And the feeling like,

how do I cope with this? Especially because majority

of law enforcement is male. So, you know, you

have our societal issues when it comes to patriarchy

and men and the roles and behaviors

that society has told them are masculine, that they try to meet

every day. And then you put on top of that, you're a law

enforcement officer. So the feeling is

I don't really have an outlet. Who do I talk to? What

do I do? I really don't have an outlet. And

how sometimes that comes out in men in general,

not just in law enforcement, is through anger. Yeah.

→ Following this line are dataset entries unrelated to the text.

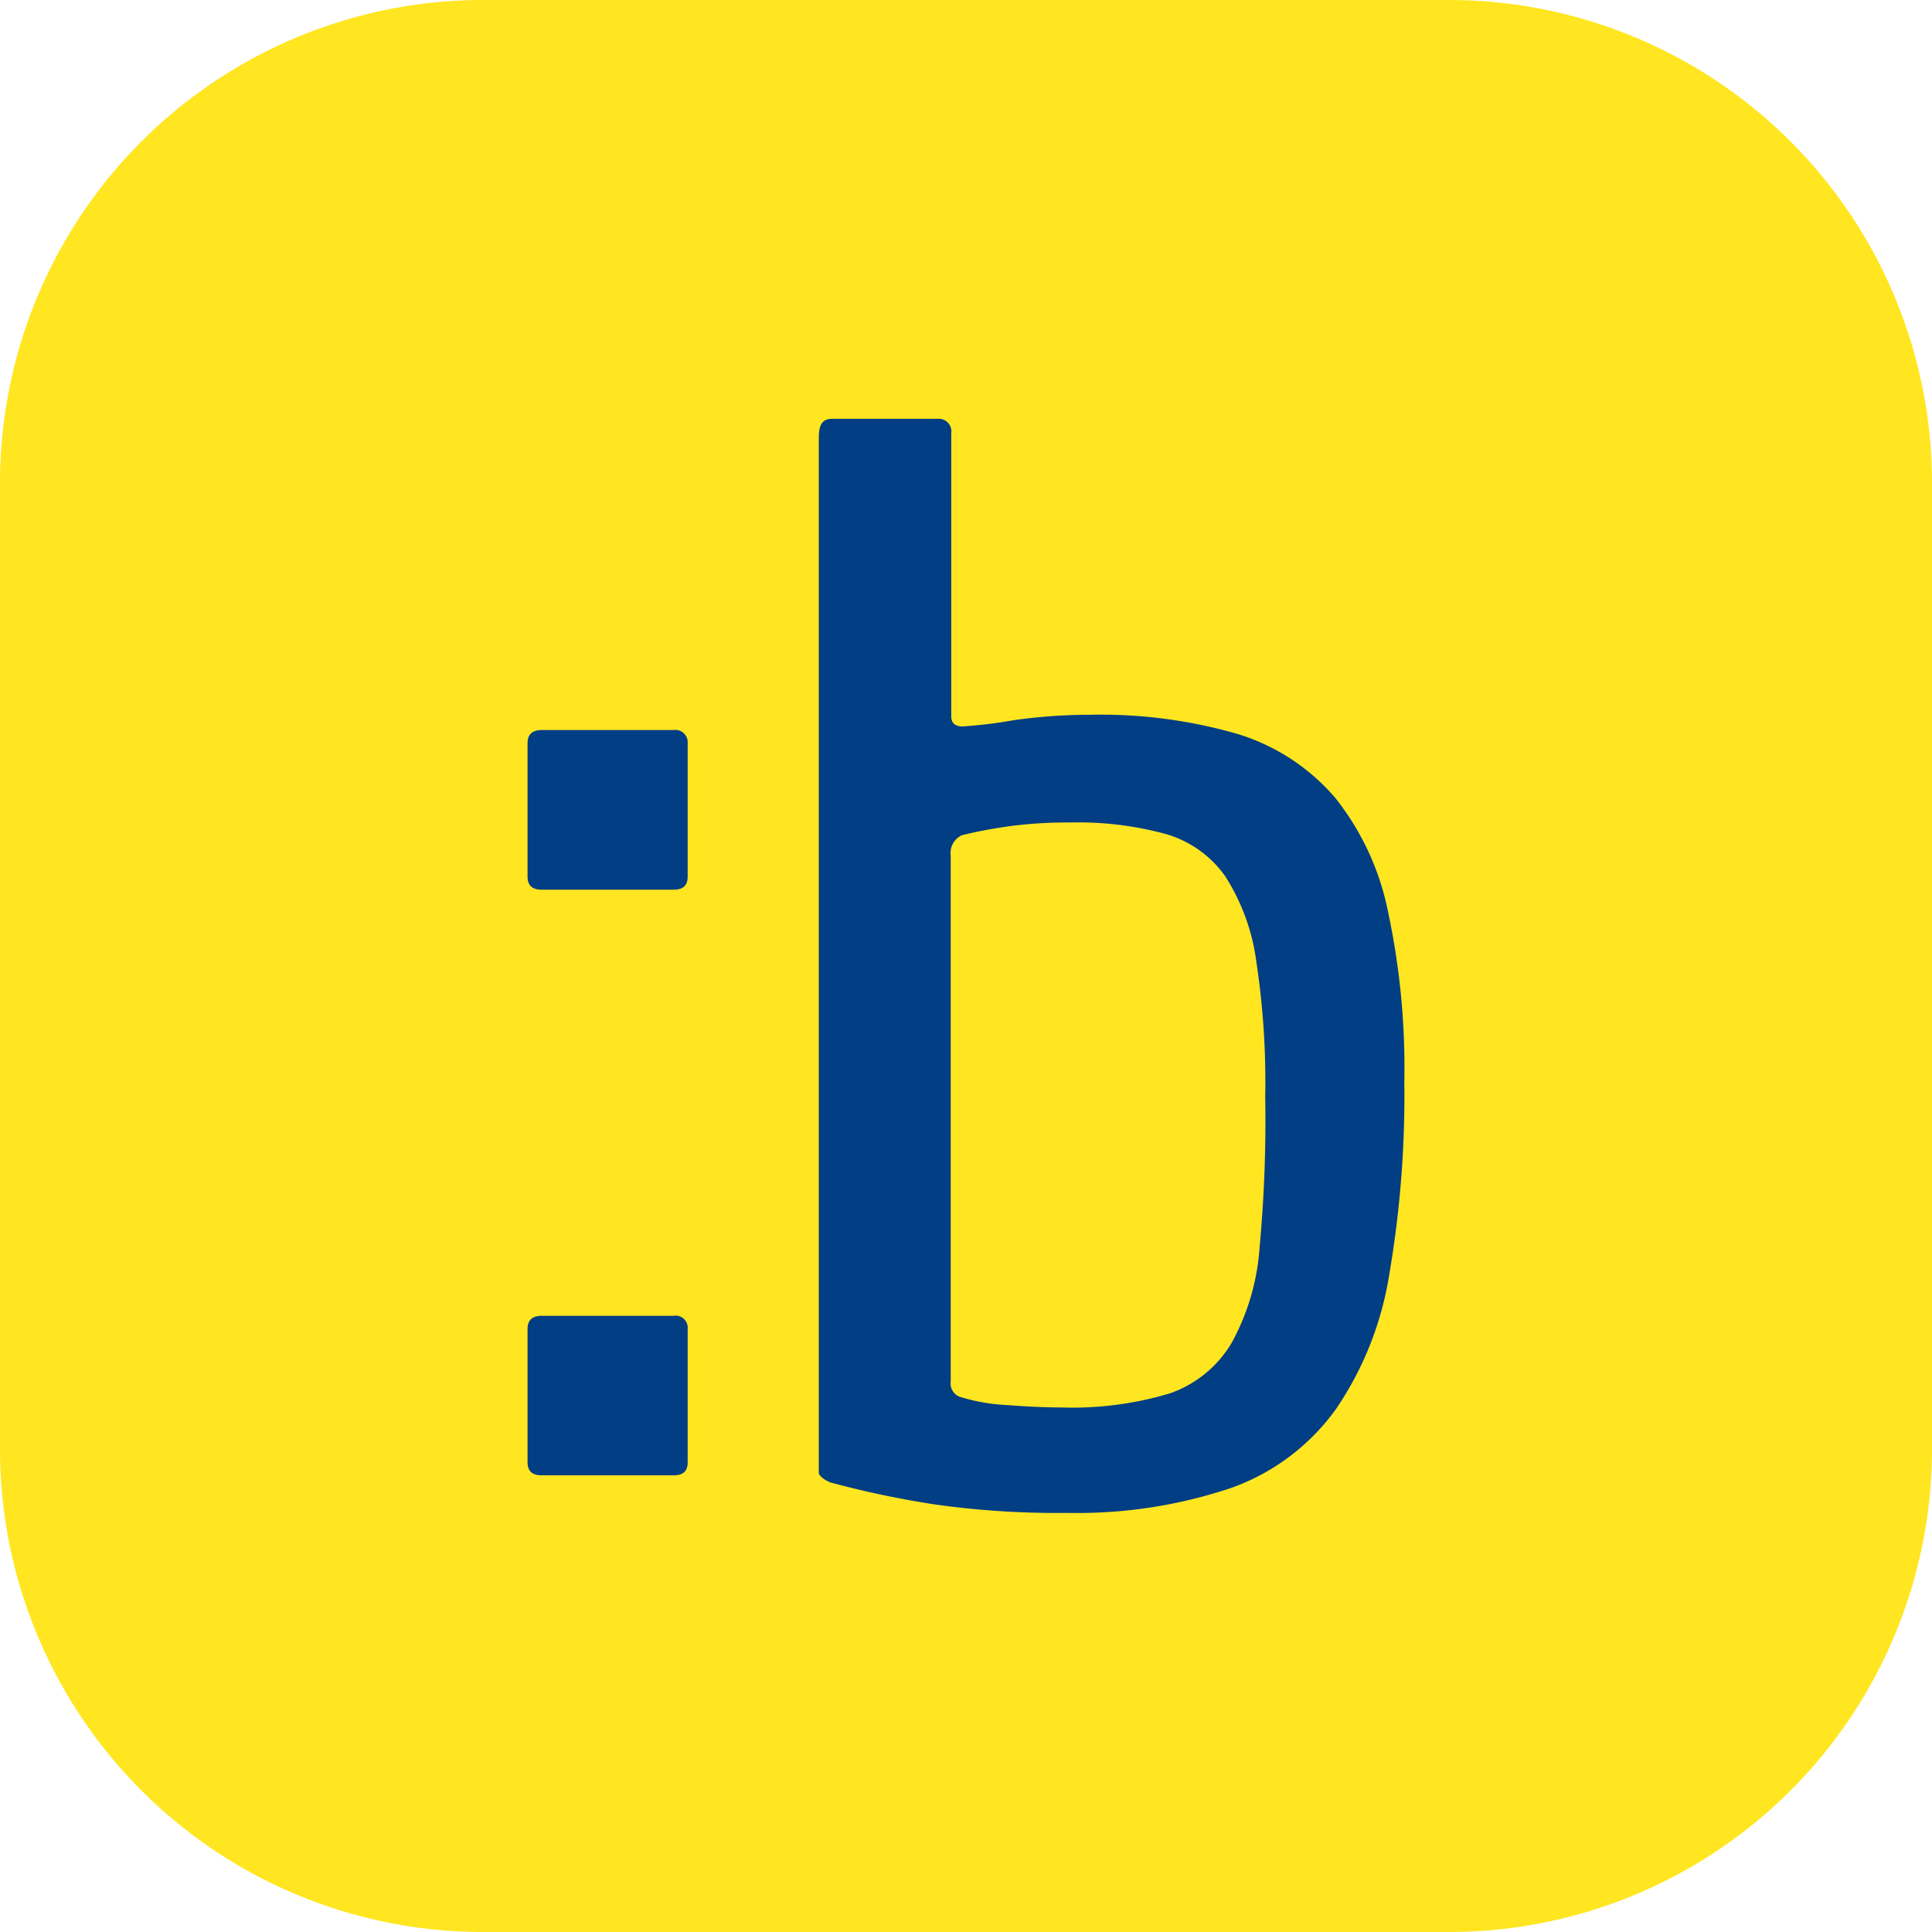 <svg xmlns="http://www.w3.org/2000/svg" width="32" height="32" viewBox="0 0 32 32">
  <g id="fav-ic-buhl-gelb-32" transform="translate(-83 -956)">
    <path id="Maske" d="M8,0H24a8,8,0,0,1,8,8V24a8,8,0,0,1-8,8H8a8,8,0,0,1-8-8V8A8,8,0,0,1,8,0Z" transform="translate(83 956)" fill="#ffe620"/>
    <path id="Pfad_33778" data-name="Pfad 33778" d="M4994.874,6205.123a14.407,14.407,0,0,1-2.131-.141,15.733,15.733,0,0,1-1.72-.362c-.13-.048-.2-.126-.2-.157v-17.146c0-.238.07-.316.225-.316h1.743a.209.209,0,0,1,.226.238v4.69c0,.11.063.167.187.167a7.49,7.49,0,0,0,.826-.1,8.858,8.858,0,0,1,1.282-.093,8.164,8.164,0,0,1,2.458.321,3.46,3.46,0,0,1,1.606,1.054,4.436,4.436,0,0,1,.879,1.905,12.361,12.361,0,0,1,.266,2.8,17.558,17.558,0,0,1-.249,3.188,5.483,5.483,0,0,1-.88,2.227,3.643,3.643,0,0,1-1.725,1.306,7.985,7.985,0,0,1-2.557.42Zm-.948-11.366a7.32,7.32,0,0,0-.733.141.325.325,0,0,0-.185.341v8.706a.235.235,0,0,0,.164.259,3.2,3.2,0,0,0,.777.133c.333.025.637.039.895.039a5.611,5.611,0,0,0,1.795-.234,1.92,1.92,0,0,0,1.026-.843,3.824,3.824,0,0,0,.46-1.591,22.666,22.666,0,0,0,.092-2.472,13.267,13.267,0,0,0-.146-2.235,3.46,3.46,0,0,0-.513-1.418,1.818,1.818,0,0,0-.995-.707,5.507,5.507,0,0,0-1.565-.189h-.059A7.192,7.192,0,0,0,4993.926,6193.756Zm-7.693,10.743c-.155,0-.234-.067-.234-.217v-2.208c0-.146.08-.217.234-.217h2.185a.2.2,0,0,1,.233.217v2.208c0,.15-.075.217-.233.217Zm0-9.7c-.155,0-.234-.069-.234-.217v-2.209c0-.147.08-.218.234-.218h2.185a.2.2,0,0,1,.169.053.2.2,0,0,1,.064.165v2.209c0,.147-.075.217-.233.217Z" transform="translate(-4894.261 -5224.064)" fill="#023e84"/>
  </g>
</svg>

And then anger can be what we see and what we can be afraid

of. Yep. You know, because that. That is scary. Anger can

be scary. Yes. So there's a track there that

I know with the programs that you're developing, you want to kind of

meet that. Meet that area in there that's not

being met. And you. You have said that there's sometimes resistance to

this. Right. When you forces. Yes.

So, you know, America

doesn't have the greatest. The greatest track

record as far as law enforcement and the

black community. And, you know,

many. Well, I don't even want to say many people know, because

I've learned more as I've traveled and

lived in different states that a lot of Americans don't know history.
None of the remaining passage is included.